[Given entries — start]

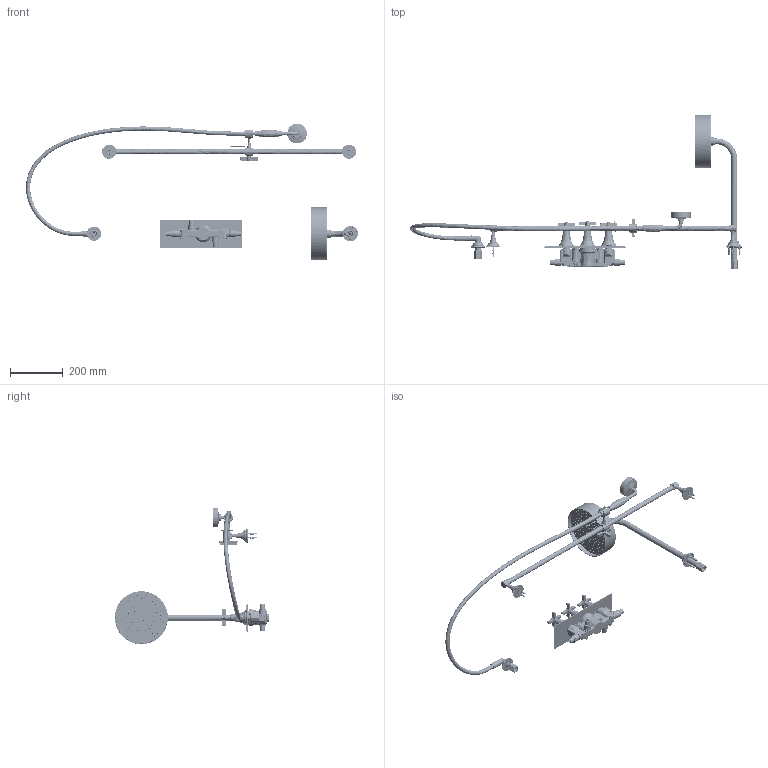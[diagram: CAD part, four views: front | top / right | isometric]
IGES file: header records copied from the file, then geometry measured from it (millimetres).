
Global section: file name: V6B1ADL; native system: Autodesk Inventor 2018; preprocessor: unknown; author: adaniels; date: 20171023.114022; units: millimetre
Bounding box: 1253.95 x 582.5 x 515.07 mm (x, y, z)
Volume: 2744408.1 mm3; surface area: 910779.2 mm2
Topology: 147 solids, 161 shells, 11176 faces, 27828 edges, 17561 vertices
Faces by surface type: bspline 11175, revolution 1
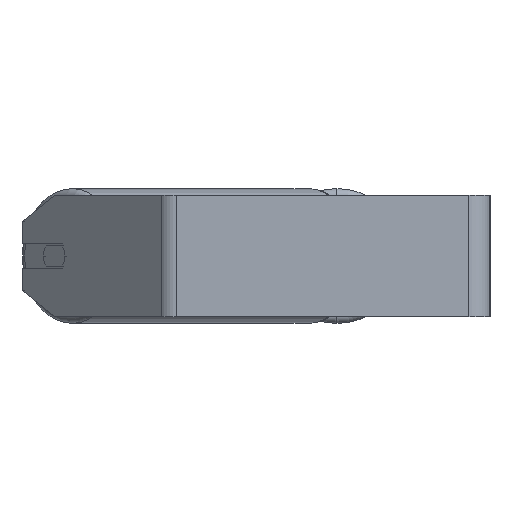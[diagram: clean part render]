
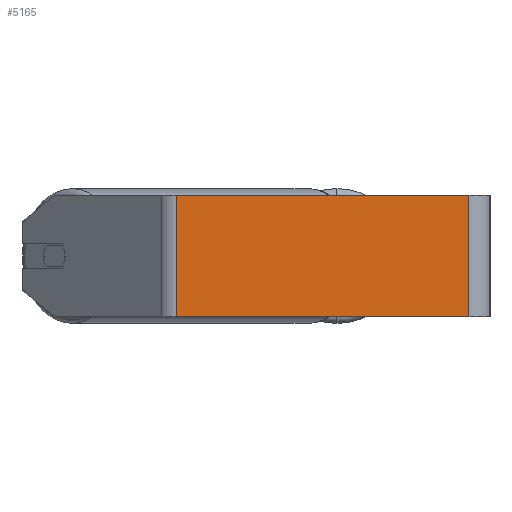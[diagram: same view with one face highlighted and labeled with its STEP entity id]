
A CAD part, left-side view. The second image highlights one B-rep face of the part: STEP entity #5165.
In plain terms, the highlighted planar face has unit normal (-1, 0, 0).
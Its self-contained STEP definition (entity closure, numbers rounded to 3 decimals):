
#14 = CARTESIAN_POINT ( 'NONE',  ( -400., 212.867, -40. ) ) ;
#744 = AXIS2_PLACEMENT_3D ( 'NONE', #4156, #3659, #3526 ) ;
#937 = EDGE_CURVE ( 'NONE', #8665, #4152, #2963, .T. ) ;
#1078 = DIRECTION ( 'NONE',  ( 0., 0., -1. ) ) ;
#1107 = ORIENTED_EDGE ( 'NONE', *, *, #937, .T. ) ;
#1117 = CARTESIAN_POINT ( 'NONE',  ( -400., 14., 40. ) ) ;
#1281 = CARTESIAN_POINT ( 'NONE',  ( -400., 212.867, 40. ) ) ;
#1716 = CARTESIAN_POINT ( 'NONE',  ( -400., 207.068, 40. ) ) ;
#1780 = LINE ( 'NONE', #1117, #2012 ) ;
#2012 = VECTOR ( 'NONE', #1078, 1000. ) ;
#2646 = ORIENTED_EDGE ( 'NONE', *, *, #5749, .F. ) ;
#2963 = LINE ( 'NONE', #1716, #6131 ) ;
#3321 = CARTESIAN_POINT ( 'NONE',  ( -400., 207.068, 40. ) ) ;
#3526 = DIRECTION ( 'NONE',  ( 0., 0., -1. ) ) ;
#3539 = DIRECTION ( 'NONE',  ( 0., -1., 0. ) ) ;
#3659 = DIRECTION ( 'NONE',  ( 1., 0., 0. ) ) ;
#3699 = EDGE_LOOP ( 'NONE', ( #4319, #2646, #7945, #1107 ) ) ;
#3717 = DIRECTION ( 'NONE',  ( 0., 0., -1. ) ) ;
#3791 = VERTEX_POINT ( 'NONE', #5969 ) ;
#3905 = VECTOR ( 'NONE', #3539, 1000. ) ;
#3912 = DIRECTION ( 'NONE',  ( 0., -1., 0. ) ) ;
#4074 = VERTEX_POINT ( 'NONE', #4366 ) ;
#4152 = VERTEX_POINT ( 'NONE', #4711 ) ;
#4156 = CARTESIAN_POINT ( 'NONE',  ( -400., 212.867, 40. ) ) ;
#4319 = ORIENTED_EDGE ( 'NONE', *, *, #5802, .T. ) ;
#4366 = CARTESIAN_POINT ( 'NONE',  ( -400., 14., -40. ) ) ;
#4699 = LINE ( 'NONE', #14, #8104 ) ;
#4711 = CARTESIAN_POINT ( 'NONE',  ( -400., 207.068, -40. ) ) ;
#4908 = PLANE ( 'NONE',  #744 ) ;
#5165 = ADVANCED_FACE ( 'NONE', ( #8225 ), #4908, .F. ) ;
#5749 = EDGE_CURVE ( 'NONE', #3791, #4074, #1780, .T. ) ;
#5802 = EDGE_CURVE ( 'NONE', #4152, #4074, #4699, .T. ) ;
#5969 = CARTESIAN_POINT ( 'NONE',  ( -400., 14., 40. ) ) ;
#6131 = VECTOR ( 'NONE', #3717, 1000. ) ;
#7945 = ORIENTED_EDGE ( 'NONE', *, *, #8739, .F. ) ;
#8022 = LINE ( 'NONE', #1281, #3905 ) ;
#8104 = VECTOR ( 'NONE', #3912, 1000. ) ;
#8225 = FACE_OUTER_BOUND ( 'NONE', #3699, .T. ) ;
#8665 = VERTEX_POINT ( 'NONE', #3321 ) ;
#8739 = EDGE_CURVE ( 'NONE', #8665, #3791, #8022, .T. ) ;

[Given entries — finish]

### Exercise description
Please copy every line of the material that contains the word "VECTOR".

### Solved problem
#2012 = VECTOR ( 'NONE', #1078, 1000. ) ;
#3905 = VECTOR ( 'NONE', #3539, 1000. ) ;
#6131 = VECTOR ( 'NONE', #3717, 1000. ) ;
#8104 = VECTOR ( 'NONE', #3912, 1000. ) ;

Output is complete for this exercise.